The sense of divine vision must be restored to man's daily work. - C.S. Lewis

Reflections On A Higher Call

Long Term Investments

During his lifetime, Alexander conquered more land than anyone who had ever lived before, and he amassed more wealth than he would ever need or be able to use. When he was near death he gave specific orders for his burial; though the custom was to have the hands covered, Alexander wanted his to be empty and protruding outside the casket. His reason for such unusual directions was to demonstrate that he was departing this world with nothing in his hands, in spite of all he had accumulated. Alexander the Great understood that material possessions, earthly accomplishments and power mean nothing when you’re dead. I have heard it said another way: “You won’t see a hearse pulling a U-haul.”

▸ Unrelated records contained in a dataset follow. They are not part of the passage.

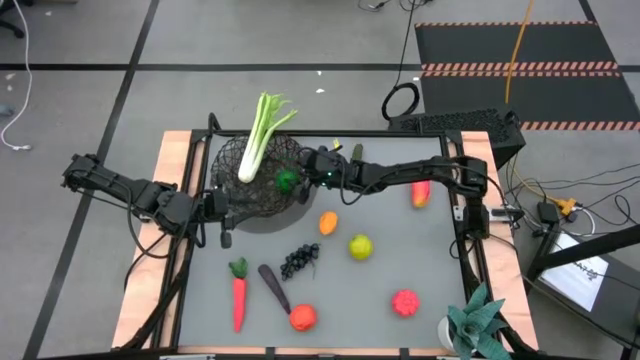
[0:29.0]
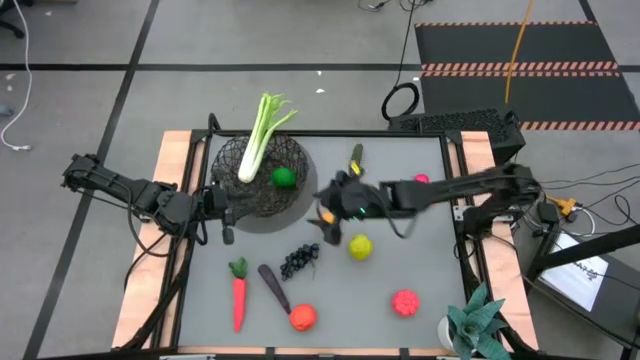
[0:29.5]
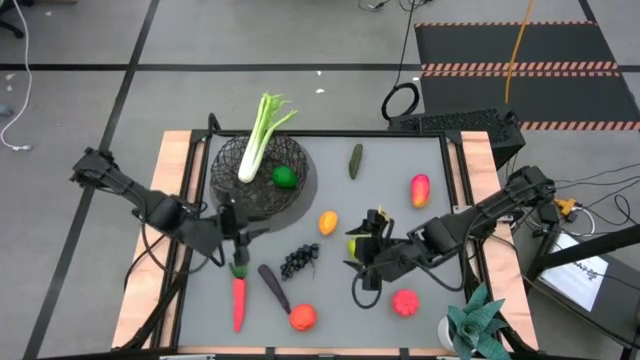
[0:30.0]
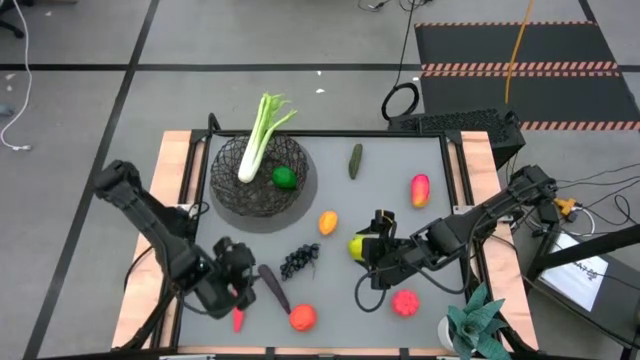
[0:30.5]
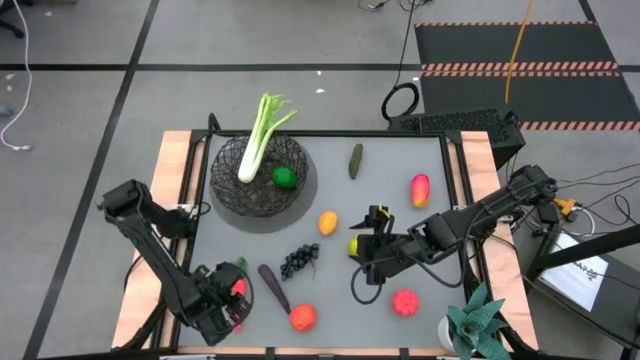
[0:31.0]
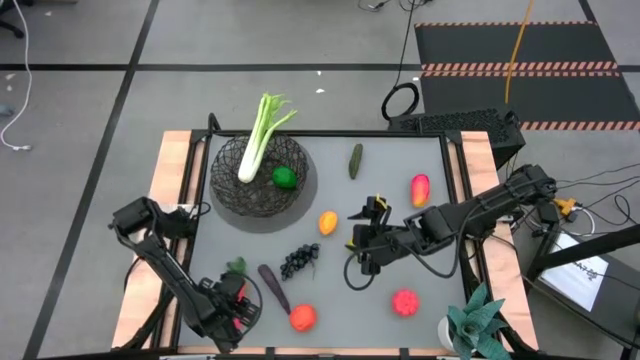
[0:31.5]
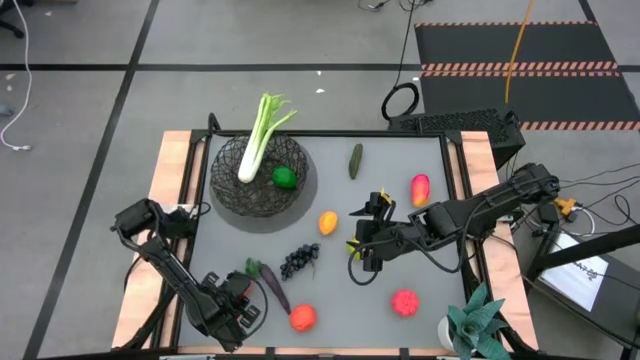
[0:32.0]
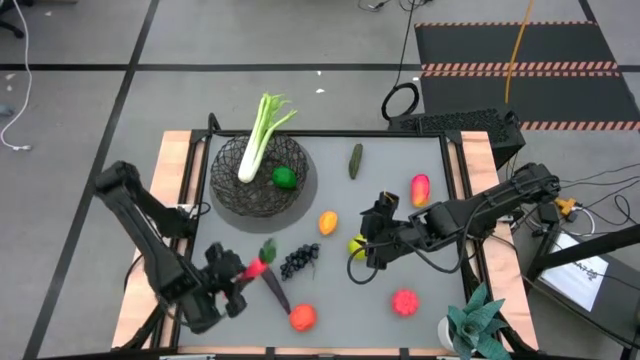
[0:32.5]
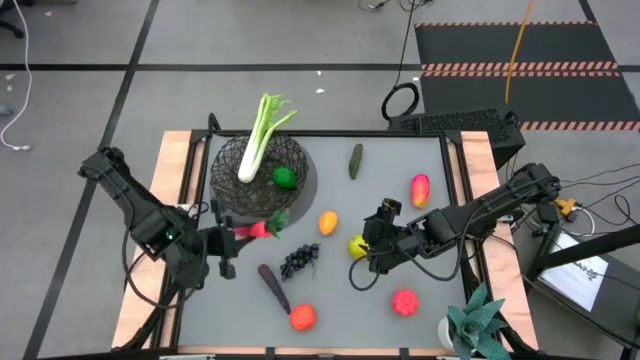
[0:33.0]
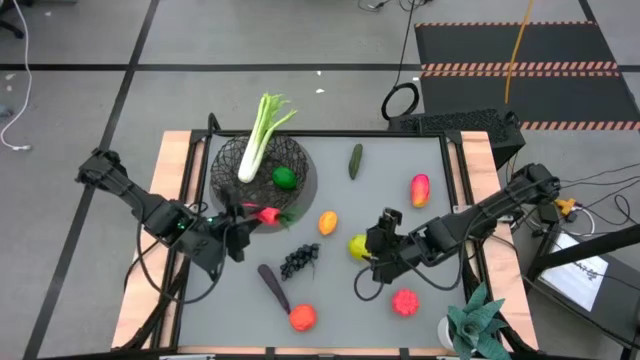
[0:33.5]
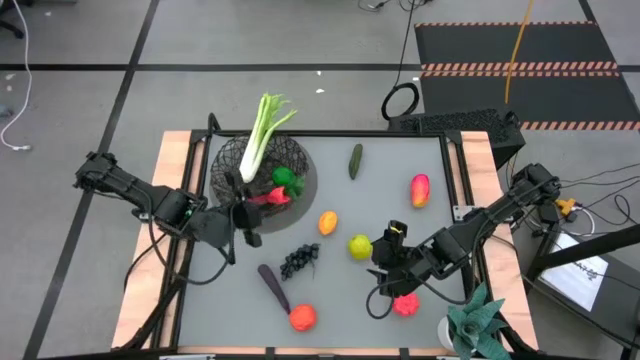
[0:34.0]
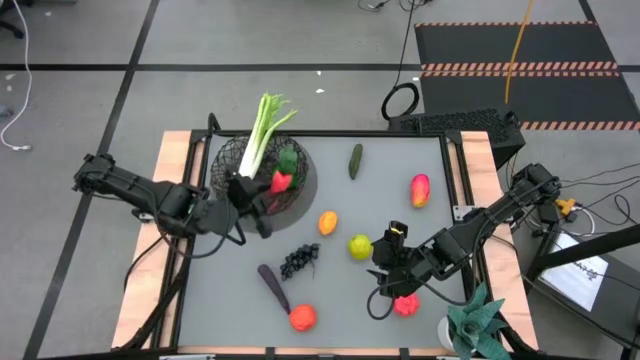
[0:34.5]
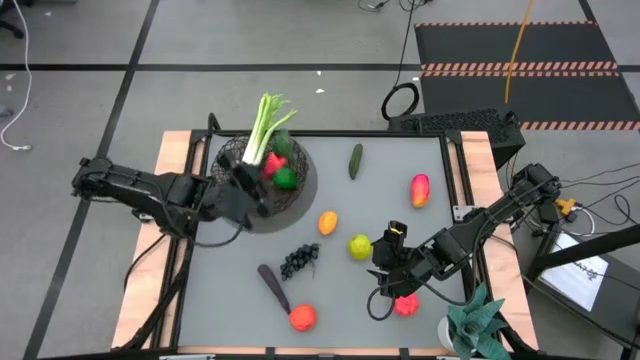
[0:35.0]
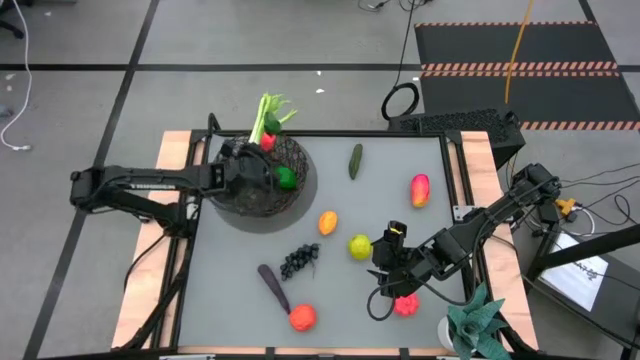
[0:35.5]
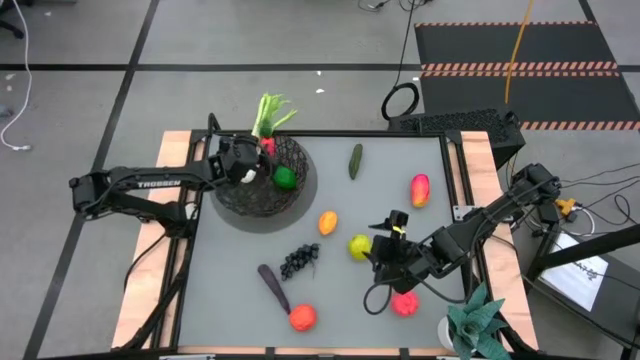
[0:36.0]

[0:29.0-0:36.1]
Put the carrot into the wire basket

Intellectually, we know this truth, yet we fail to let it impact the way we work and invest our time, energy, resources and relationships. There is plenty of evidence to prove that our identity is wrapped up in what we own, drive and wear and how we “play.” Image-consciousness pushes us to spend money and effort for things that won’t matter in the end. Isaiah was talking about it thousands of years ago: “Why spend money on what is not bread and your labor on what does not satisfy?” (Isaiah 55:2). Centuries later, Jesus presented a remedy for this human imperfection: “Don’t store up treasures here on earth, where they can be eaten by moths and get rusty, and where thieves break in and steal. Store your treasures in heaven, where they will never become moth-eaten or rusty and where they will be safe from thieves. Wherever your treasure is, there your heart and thoughts will also be” (Matthew 6:19-21).

This powerful passage cuts through all the debate about how much fortune is “enough” in terms of wealth. Like Alexander’s protruding hands demonstrated, there is little value in investments that accumulate material possessions that are constrained to this Earth-the ROI (return on investment) is poor and no wise investor would go with it! However, the “deal of eternity” is here for the taking. We can invest our earthly lives (which typically max out at 75 to 80 years) in developing and populating the coming kingdom of God, where we enjoy our heavenly lives (that will never end) with Him and uncountable others from all nations and generations. Try calculating that ROI!

Why in the world wouldn’t we take advantage of such a prospect? Why wouldn’t we employ the sound investment strategy spelled out in the Gospel of Matthew? There are a multitude of reasons, but two really jump out at me: 1) we aren’t really sure what heavenly fortune looks like. We understand the comforts that earthly possessions bring, and can strongly defend our God-given right to pursue life, liberty and happiness, and 2) we fail to choose the Matthew Investment Strategy because of simple denial. Every day, men and women in the marketplace go to work failing to recognize the difference between what is temporary and what is eternal. We are a people who can buy a home theater system with no money down and no interest for 24 months and then remain happily mesmerized until we wake up two years later. Wake us up, Lord!

True wealth is sent to Heaven as we employ our time, skills, money and influence to contribute toward God’s purposes. That can include anything from taking the time to encourage someone who is hurting, to volunteering at a homeless shelter, mentoring an at-risk youth, inviting an immigrant or refugee into your home, teaching children at your church, or giving money to a “kingdom cause” . . . and of course it includes doing your job every day with excellence and ethics that point people of God.

Think and pray about this for a few days-and while you’re at it, consider the words of Grandpa Vanderhoff in the Pulitzer Prize-winning play, “You Can’t Take it With You”, written during the Depression: “Maybe it’ll stop you trying to be so desperate about making more money than you can ever use. You can’t take it with you, Mr. Kirby. So what good is it? As near as I can see, the only thing you can take with you is the love of your friends.” Another encouraging thought as we spur each other on and invest our lives together!